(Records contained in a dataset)

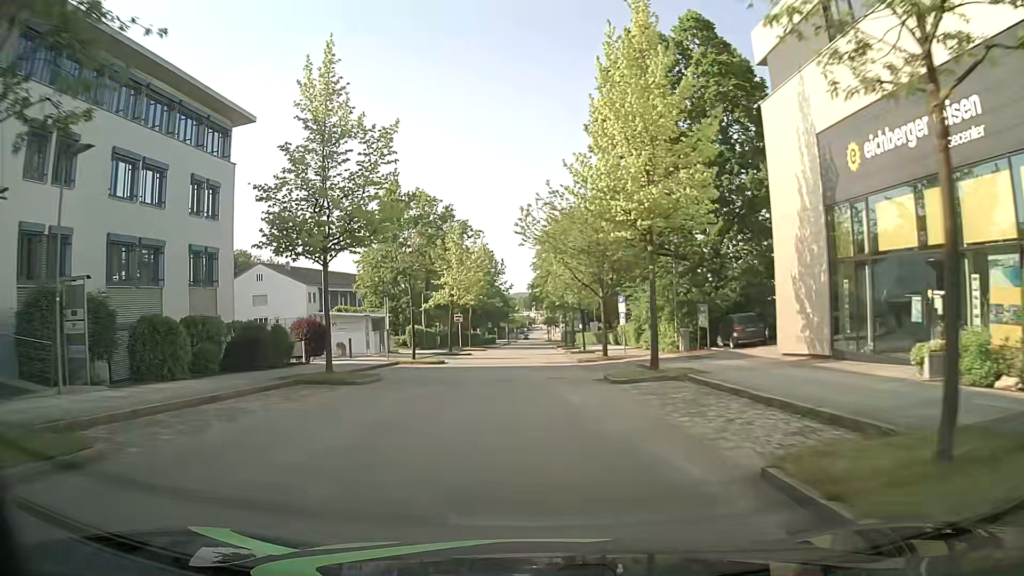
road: residential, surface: asphalt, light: Day
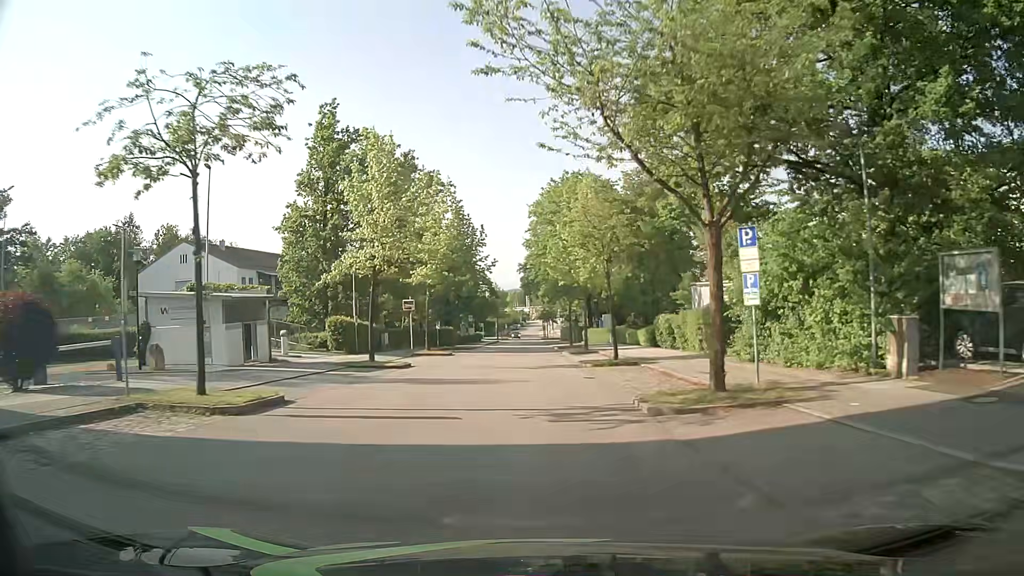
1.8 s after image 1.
(+0.2, +21.5) m; +1°
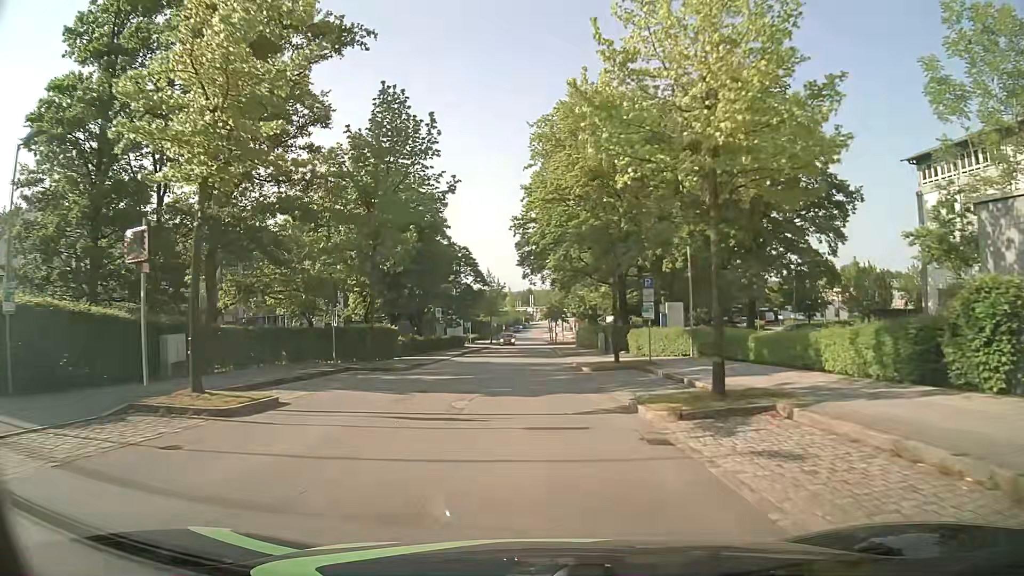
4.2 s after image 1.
(-0.2, +28.5) m; -1°
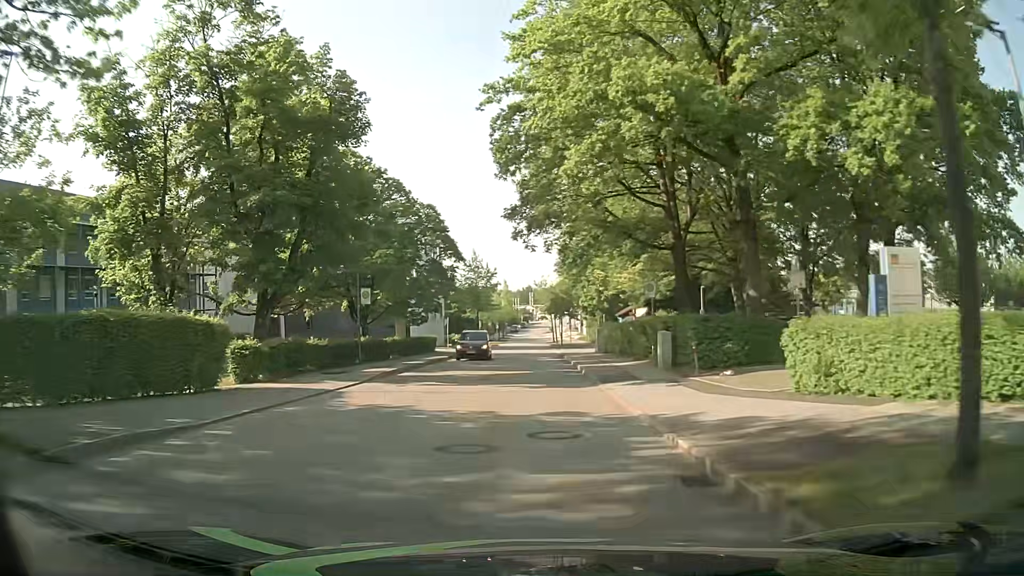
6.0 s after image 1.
(0.0, +21.4) m; 0°
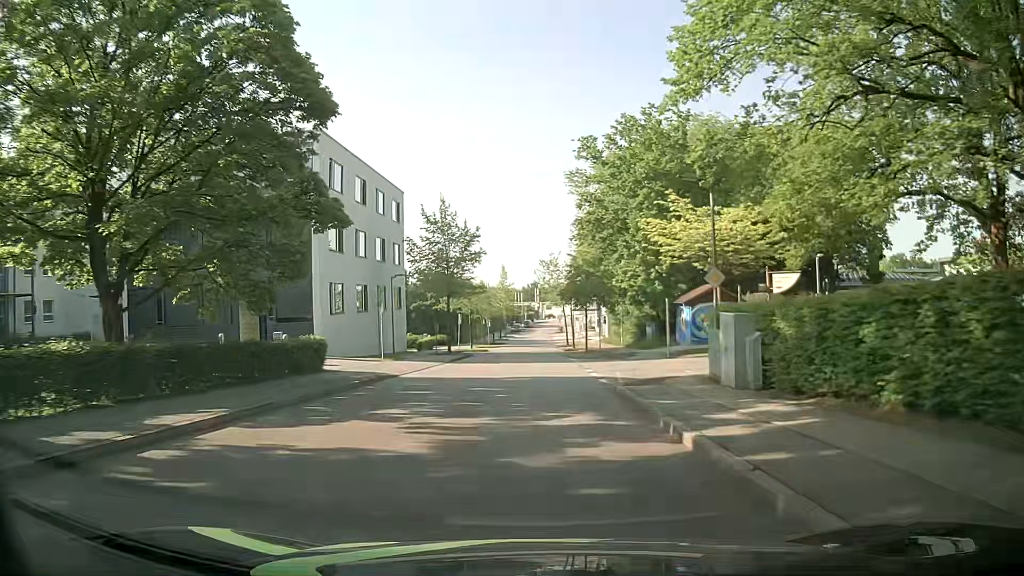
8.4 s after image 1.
(-0.1, +28.8) m; -1°
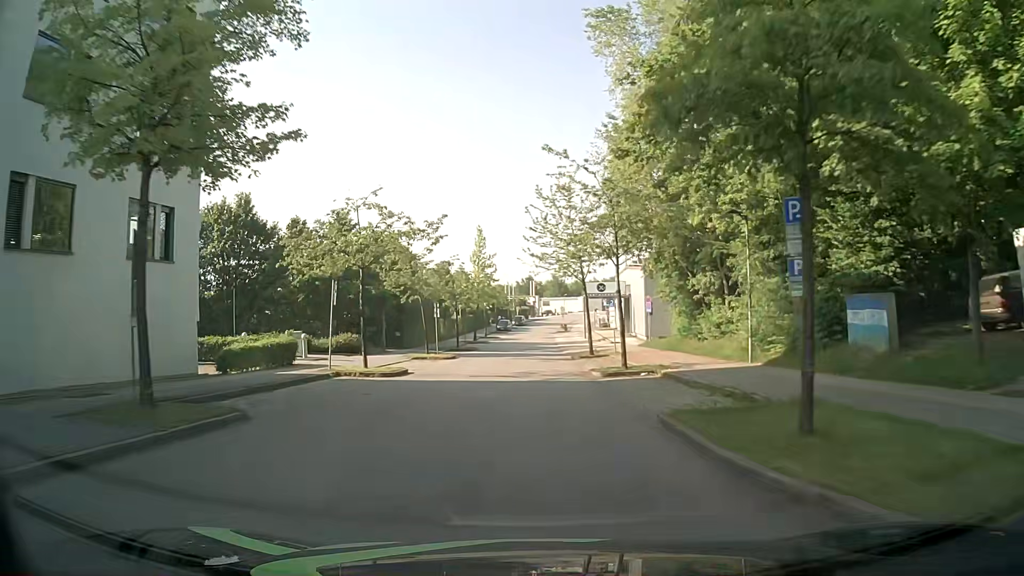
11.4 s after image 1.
(+0.2, +36.2) m; 0°
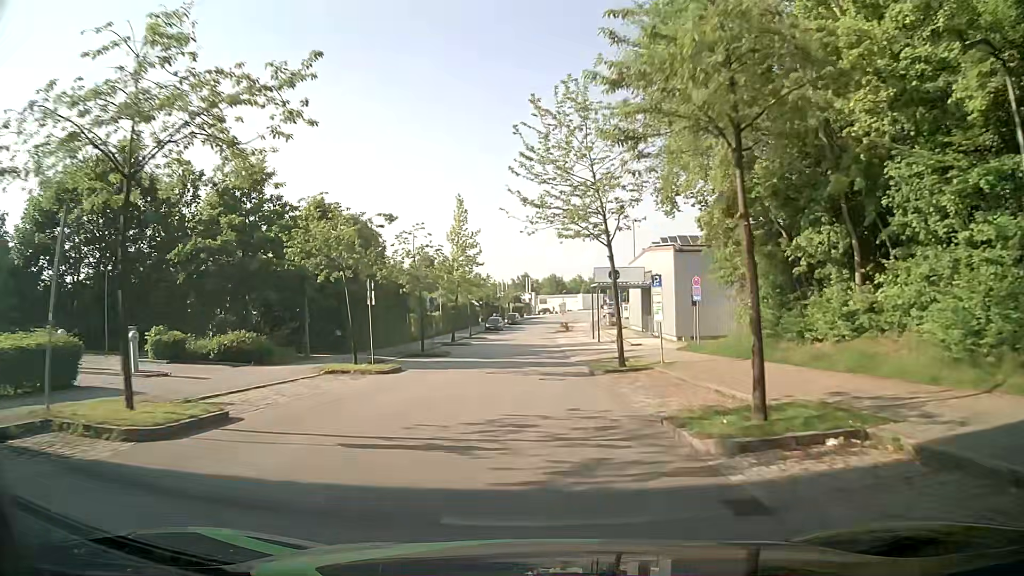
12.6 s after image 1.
(0.0, +14.6) m; 0°
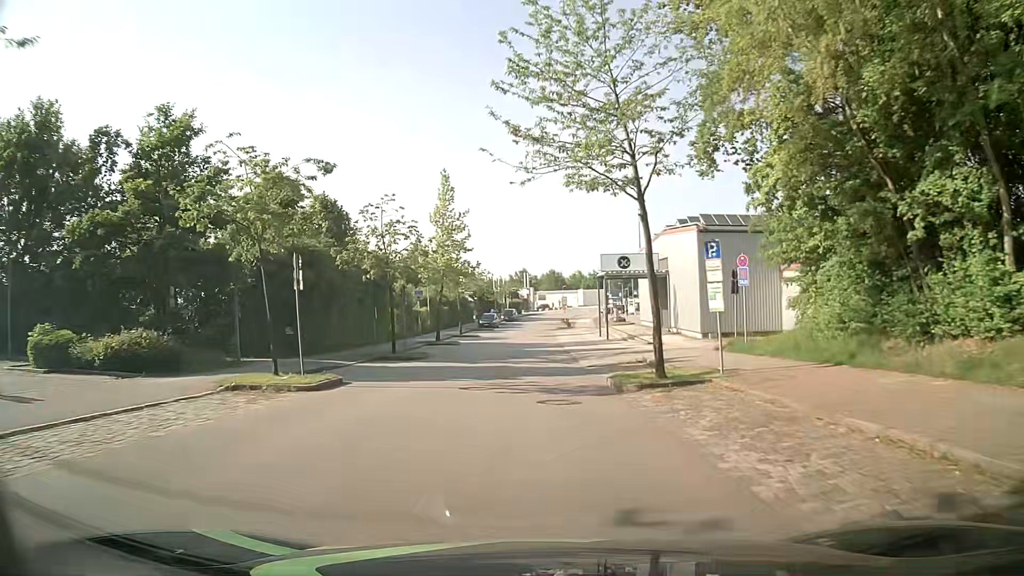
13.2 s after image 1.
(+0.1, +7.3) m; +1°
(0, +10) (0, +20) (0, +30) (0, +40) (0, +50) (0, +60) (0, +70) (0, +80) (+1, +90) (+2, +100) m
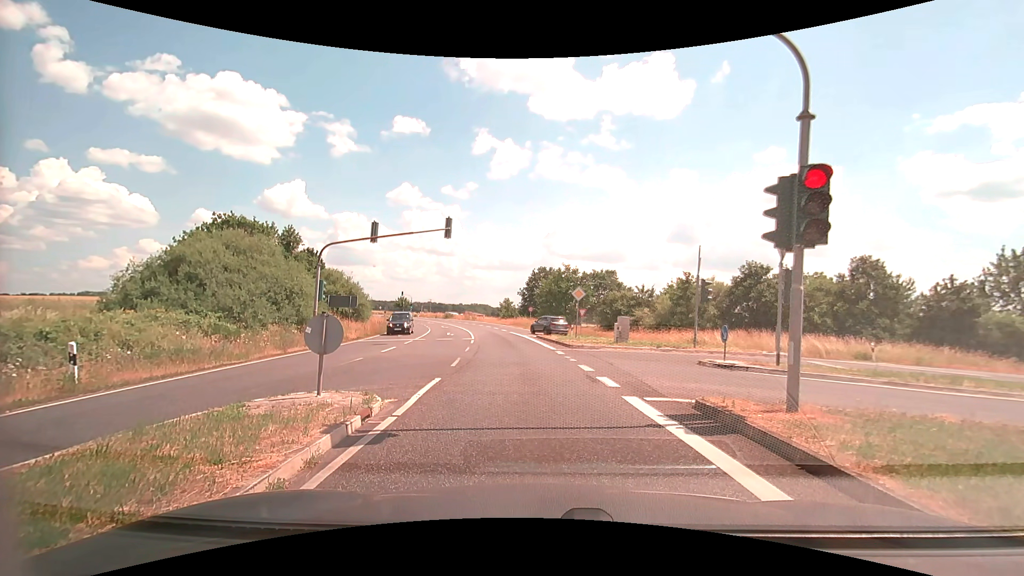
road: secondary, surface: asphalt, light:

**TASK**
Pictures aside, give the data again exactly as it appears.

**PROBLEM SOLUTION**
road: residential, surface: asphalt, light: Day
1.8 s after image 1.
(+0.2, +21.5) m; +1°
4.2 s after image 1.
(-0.2, +28.5) m; -1°
6.0 s after image 1.
(0.0, +21.4) m; 0°
8.4 s after image 1.
(-0.1, +28.8) m; -1°
11.4 s after image 1.
(+0.2, +36.2) m; 0°
12.6 s after image 1.
(0.0, +14.6) m; 0°
13.2 s after image 1.
(+0.1, +7.3) m; +1°
(0, +10) (0, +20) (0, +30) (0, +40) (0, +50) (0, +60) (0, +70) (0, +80) (+1, +90) (+2, +100) m
road: secondary, surface: asphalt, light:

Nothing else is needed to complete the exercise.